Benchmarked on real agent workflows, cx reduces token consumption by **15-80%** depending on the task, with the biggest savings on targeted lookups and chain reads.

## Usage

### Overview -- file table of contents

```
$ cx overview src/main.rs

[9]{name,kind,signature}:
  Cli,struct,struct Cli
  Commands,enum,enum Commands
  main,fn,fn main()
  resolve_root,fn,"fn resolve_root(project: Option<PathBuf>) -> PathBuf"
  ...
```

### Symbols -- search across the project

```
$ cx symbols --kind fn

[15]{file,name,kind,signature}:
  src/output.rs,print_toon,fn,"pub fn print_toon<T: Serialize>(value: &T)"
  src/query.rs,symbols,fn,"pub fn symbols(...) -> i32"
  src/query.rs,definition,fn,"pub fn definition(...) -> i32"
  ...
```

Filters: `--kind`, `--name` (glob), `--file`

Public/exported symbols are identifiable from their signatures (e.g. `pub fn` in Rust, `export function` in TypeScript).

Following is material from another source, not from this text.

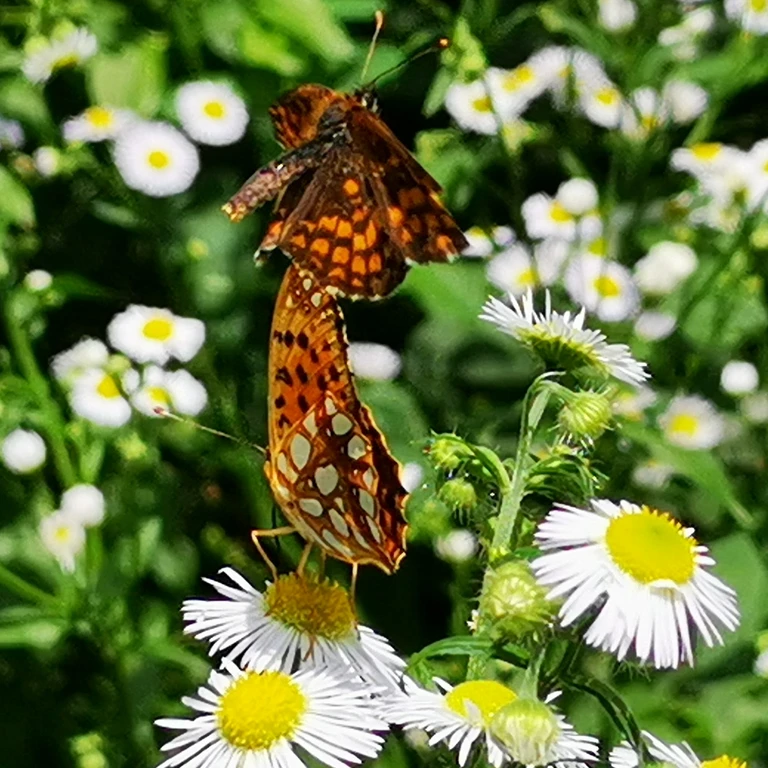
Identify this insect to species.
Issoria lathonia

### Definition -- get a function body without reading the file

```
$ cx definition --name load_or_build

file: src/index.rs
signature: pub fn load_or_build(root: &Path) -> Self
range: [3412,4102]
body: ...
```

Use `--from src/foo.rs` to disambiguate when multiple files define the same name. `--max-lines` (default 200) truncates large bodies.

## How it works

On first invocation, cx builds an index (`.cx-index.db`) by parsing all source files with tree-sitter. The index stores symbols, signatures, and byte ranges for every file. Subsequent invocations incrementally update only changed files.

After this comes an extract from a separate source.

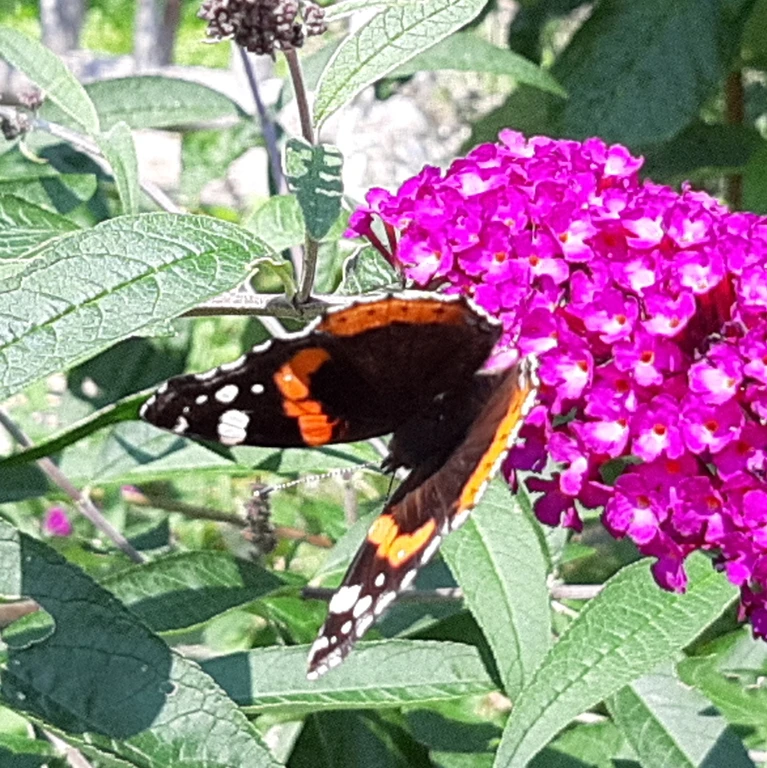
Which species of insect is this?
Vanessa atalanta

**Supported languages:** Rust, TypeScript/JavaScript, Python, Go, C, C++, Java, Ruby, C#, Lua, Zig, Bash, Solidity, Elixir

**Index location:** `.cx-index.db` in the project root (add to `.gitignore`)

**Project root detection:** walks up from cwd looking for `.git`. Override with `--root /path/to/project`.

**File filtering:** cx respects your `.gitignore`. To exclude additional directories from indexing, drop an empty `.cx-ignore` file inside them.

## Output format

Default output is [TOON](https://toonformat.dev) -- a token-efficient structured format. Use `--json` for JSON.

## Adding a language

cx uses tree-sitter grammars. To add a new language:

1. Add the tree-sitter grammar crate to `Cargo.toml`
2. In `src/language/mod.rs`, add:
   - A grammar function (e.g., `fn swift_grammar(_ext: &str) -> tree_sitter::Language`)
   - A query constant with tree-sitter patterns for the language's symbols
   - A query function returning the constant
   - A `LanguageConfig` entry in the `LANGUAGES` array
3. Add the language variant to `Language` enum in `src/index.rs`
4. Add tests

Here's a minimal example — adding Swift support:

```rust
// Grammar function
fn swift_grammar(_ext: &str) -> tree_sitter::Language {
    tree_sitter_swift::LANGUAGE.into()
}

// Query — capture the patterns you care about
const SWIFT_QUERY: &str = r#"
(function_declaration
  name: (simple_identifier) @name) @definition.function

(class_declaration
  name: (type_identifier) @name) @definition.class

(protocol_declaration
  name: (type_identifier) @name) @definition.interface
"#;

fn swift_query() -> &'static str { SWIFT_QUERY }

// Registry entry
LanguageConfig {
    language: Language::Swift,
    extensions: &["swift"],
    grammar: swift_grammar,
    query: swift_query,
    sig_body_child: None,
    sig_delimiter: Some(b'{'),
    kind_overrides: &[],
},
```

**Writing queries:** Use `tree-sitter parse` or inspect `node-types.json` in the grammar crate to discover the AST structure. Capture `@name` for the symbol name and `@definition.<kind>` for the enclosing node. Supported kinds: `function`, `method`, `class`, `interface`, `type`, `enum`, `module`, `constant`, `event`, `macro`.

**Kind overrides:** When a language maps generic capture names to specific concepts (e.g., Rust's `definition.class` → `SymbolKind::Struct`), add entries to `kind_overrides`. These are checked before the default mapping.